= Raymond Redheffer =

American mathematician and inventor

Raymond Moos Redheffer (April 17, 1921 – May 13, 2005) was an American mathematician and inventor. He was the creator of one of the first electronic games, Nim, a knowledge game.

== Early life ==
From 1939 to 1950, Redheffer was an undergraduate and graduate student at MIT and as a Pierce Fellow at Harvard. While in graduate school, he worked at the Radiation Laboratory, a WW II research laboratory developing radar, and the Research Laboratory of Electronics, which were both part of MIT. He taught as a Benjamin Peirce Fellow at Harvard from 1948 to 1950. He earned his PhD in 1948 from the Massachusetts Institute of Technology under Norman Levinson. (Note: He and Levinson would later write the 1970 book Complex Variable.Redheffer, Raymond (1970). "Complex Variables")

== Career ==
In 1949, Redheffer and co-inventors Edward B. McMillan and Herbert Leaderman applied for a patent for a dielectric wall for the transmission of microwave radiation. In 1950, Redheffer began teaching mathematics at UCLA. In 1953, he was awarded the patent for a computer for evaluating complex integrals. Later that year, he was awarded a patent for a computing machine. Both patents were assigned to the U.S. Navy. In November of that same year, Redheffer, McMillan, and Leaderman were awarded the 1953 patent for their 1949 dielectric patent application, with the patent assigned to McMillan In the world of mathematics, Redheffer would later be known for the Redheffer star product which he had introduced in 1959. Redheffer and McMillan were awarded a 1960 patent for another dielectric wall application, this for a more generalized application, which was a dielectric wall for transmission of electromagnetic radiation.

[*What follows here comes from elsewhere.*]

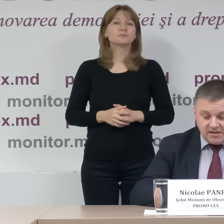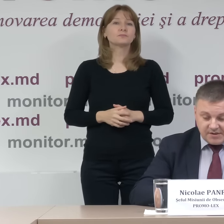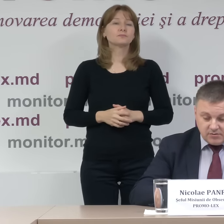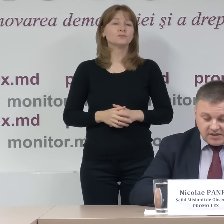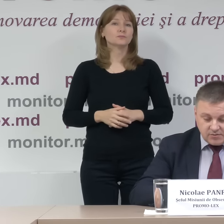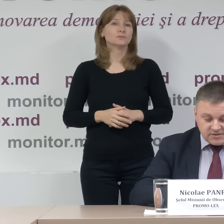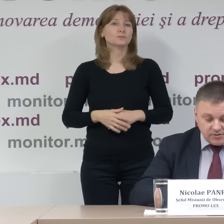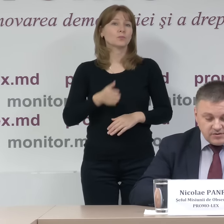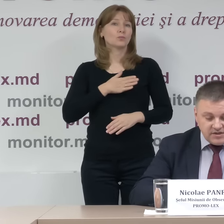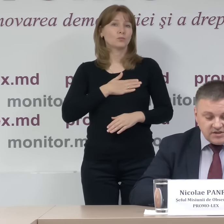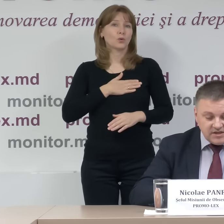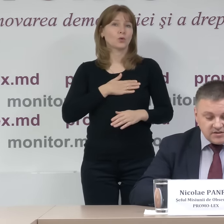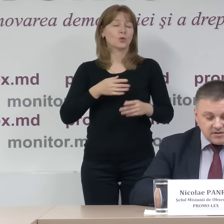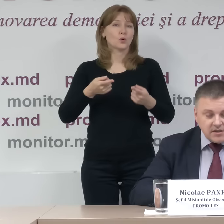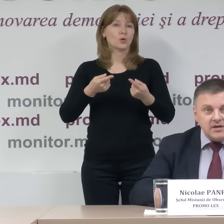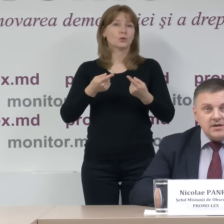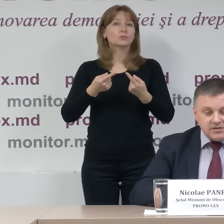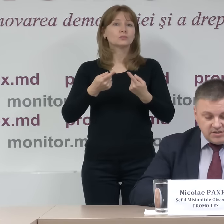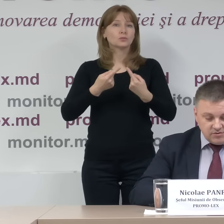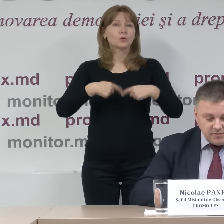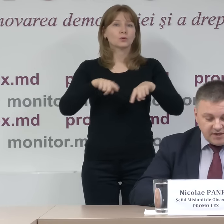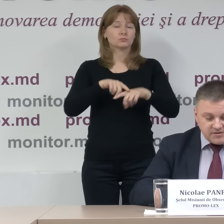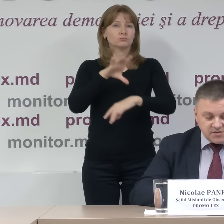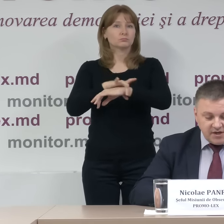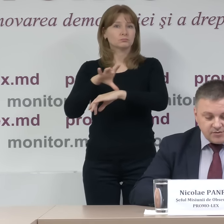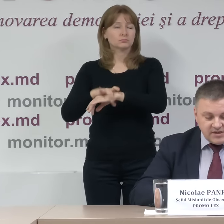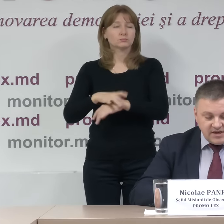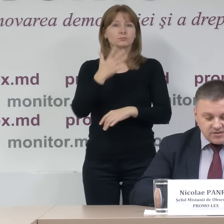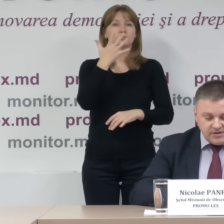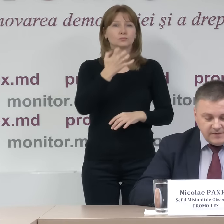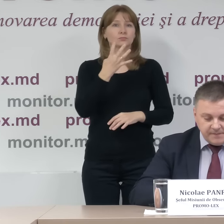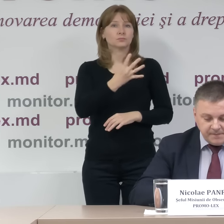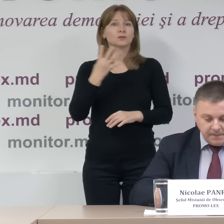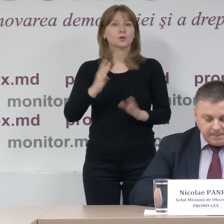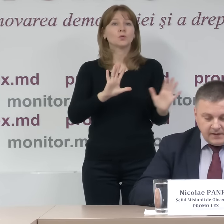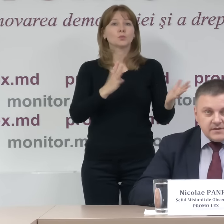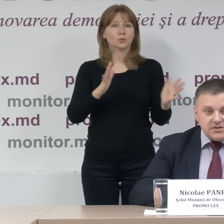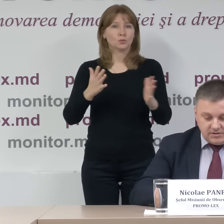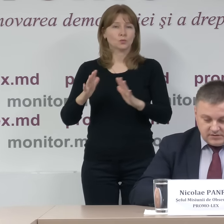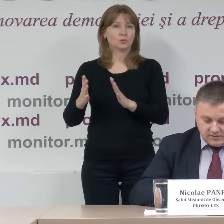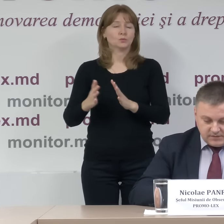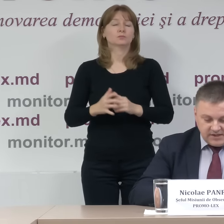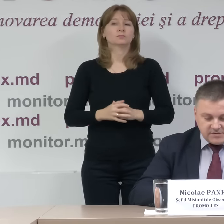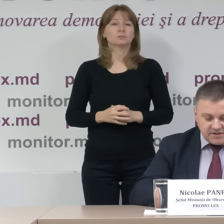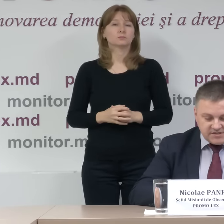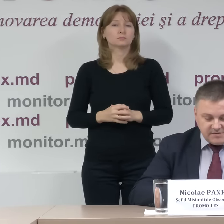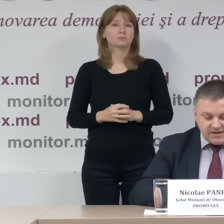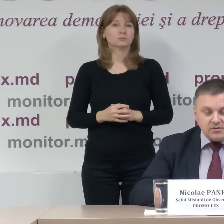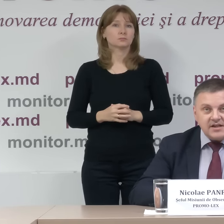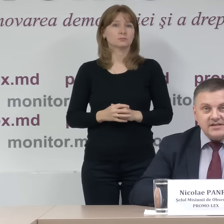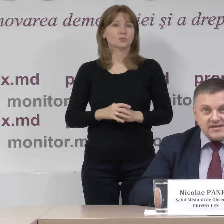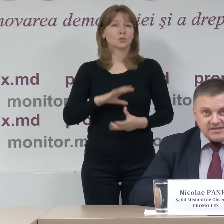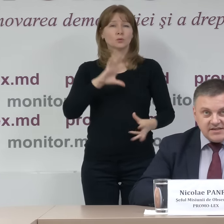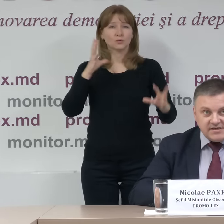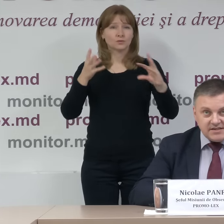echipă centrală a prelucrat cu statut de incident 544 de cazuri deci, ca să precizăm,

In 1961, he collaborated with Charles Eames on a series of animated short films about mathematics for the exhibition at the California Museum of Science and Industry in Los Angeles. He later worked and with Eames on his 1966 timeline of mathematics entitled Men of Modern Mathematics which was printed and distributed by IBM. In that same year, notable and unusual is the physically motivated discussion of the functions of vector calculus in his book with Ivan Sokolnikoff, Mathematics of Physics and Modern Engineering (1966). Eleven years later, his paper An explicitly solvable optimization task (1977) was the source for what is now the Redheffer matrix and was also a notable mathematical achievement.

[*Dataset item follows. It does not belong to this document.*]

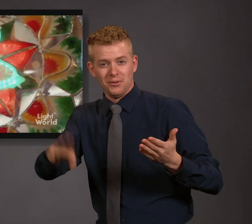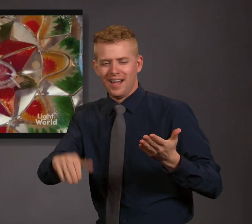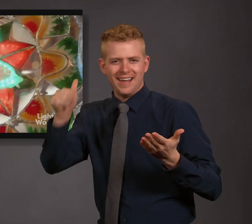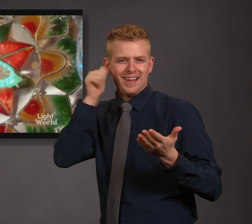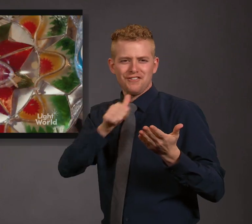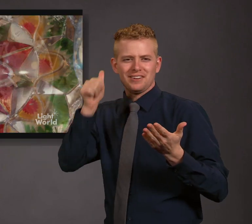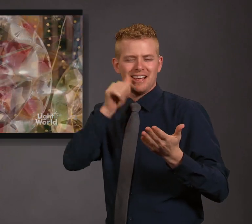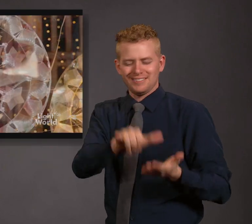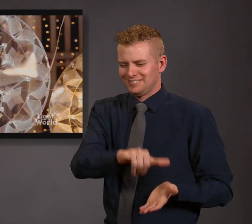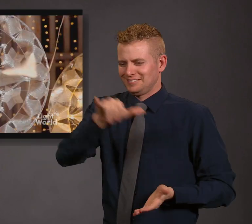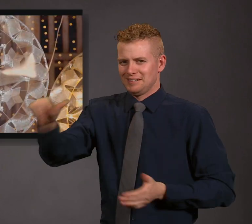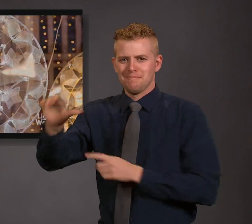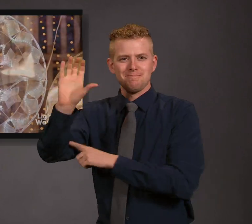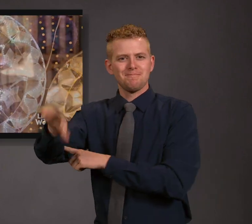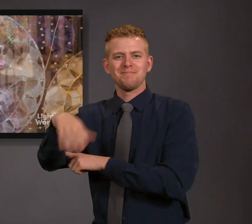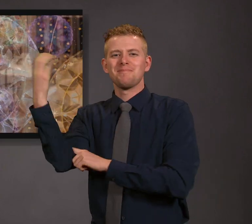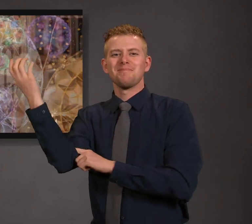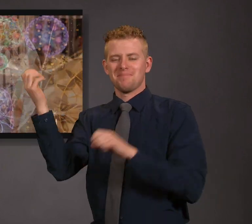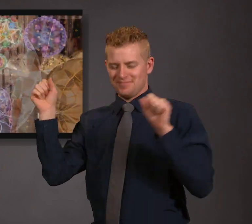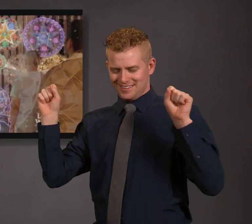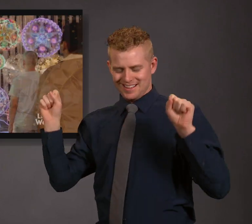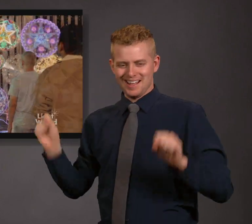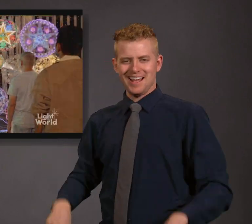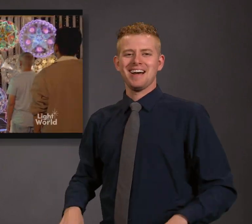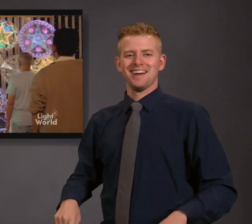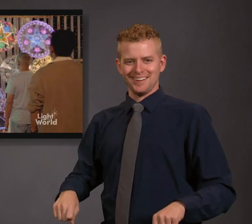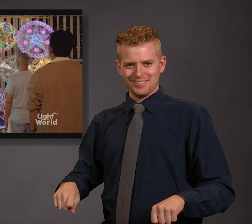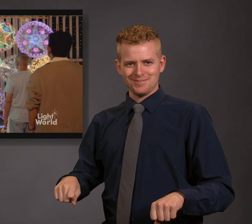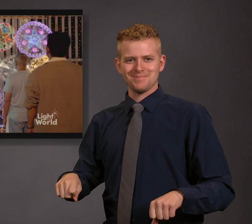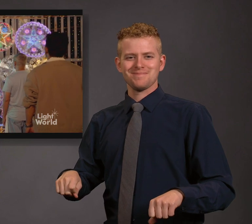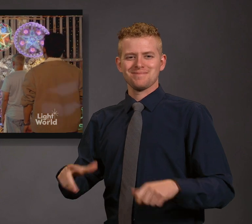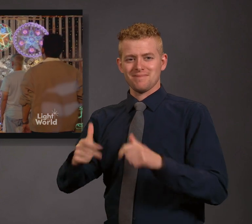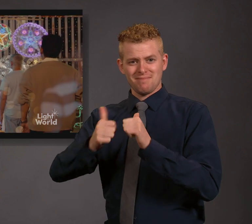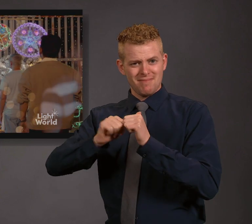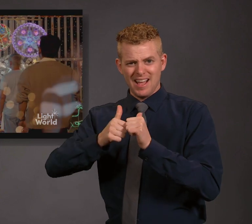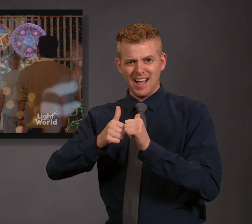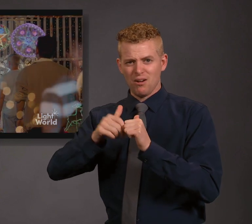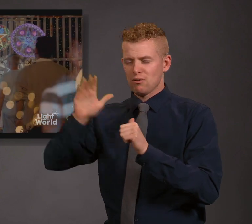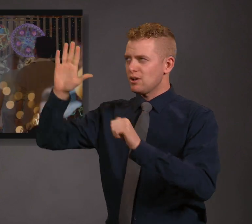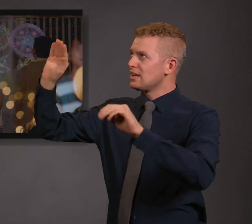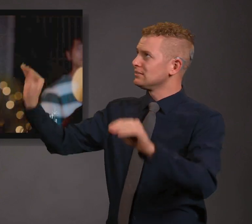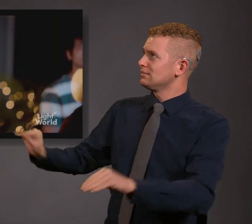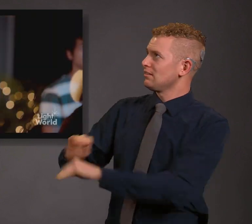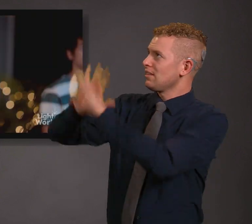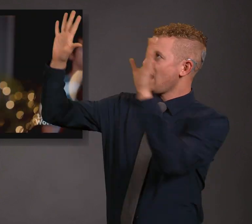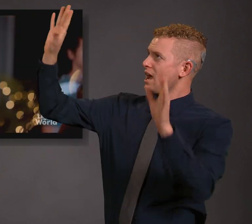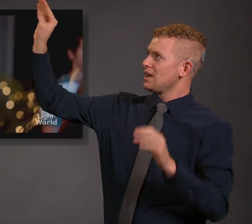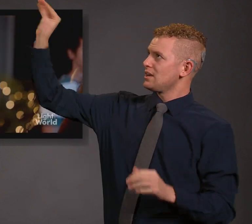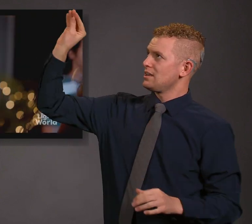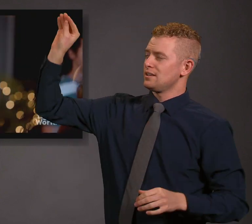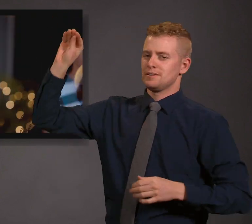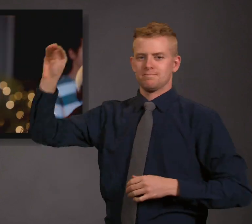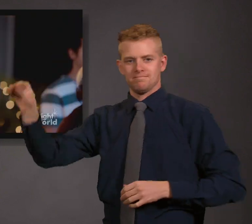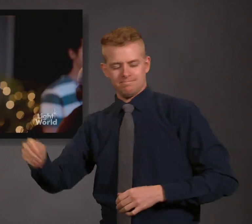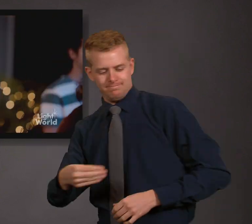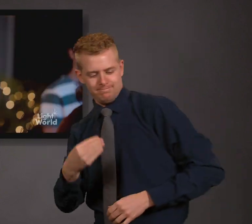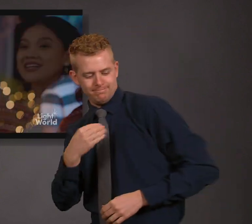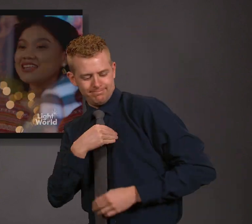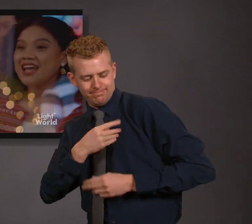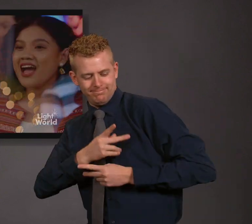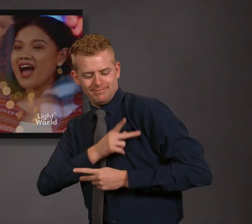magiging Pasko Sa bawat kislap ng

His teaching skills were acknowledged 6 decades later by one of his students. He taught for 55 years at the University of California, Los Angeles, writing more than 200 research papers, ranging from microwave analysis and dielectric constants, and three textbooks. He may have invented a version of Nim with electronic components.

== Recognition ==

- UCLA Distinguished Teaching Award (1969).

==Books==
- Sokolnikoff, Ivan Stephen (1966). "Mathematics of Physics and Modern Engineering"
- Levinson, Norman (1970). "Complex Variables".
- Redheffer, Raymond M. (1991). "Differential equations : theory and applications".
- Redheffer, Raymond M. (1992). "Introduction to Differential Equations".

== Filmography ==
Films created by Redheffer and the Eames Office:

- Alpha (1972), 1 minute, 16 seconds stop-motion animated color film on algebraic expressions.
- Two Laws of Algebra: Distributive & Associative (1972), 4 minute animated film. Music by Laurindo Almeida.
- Exponents: A Study in Generalization (1972), a short animated film.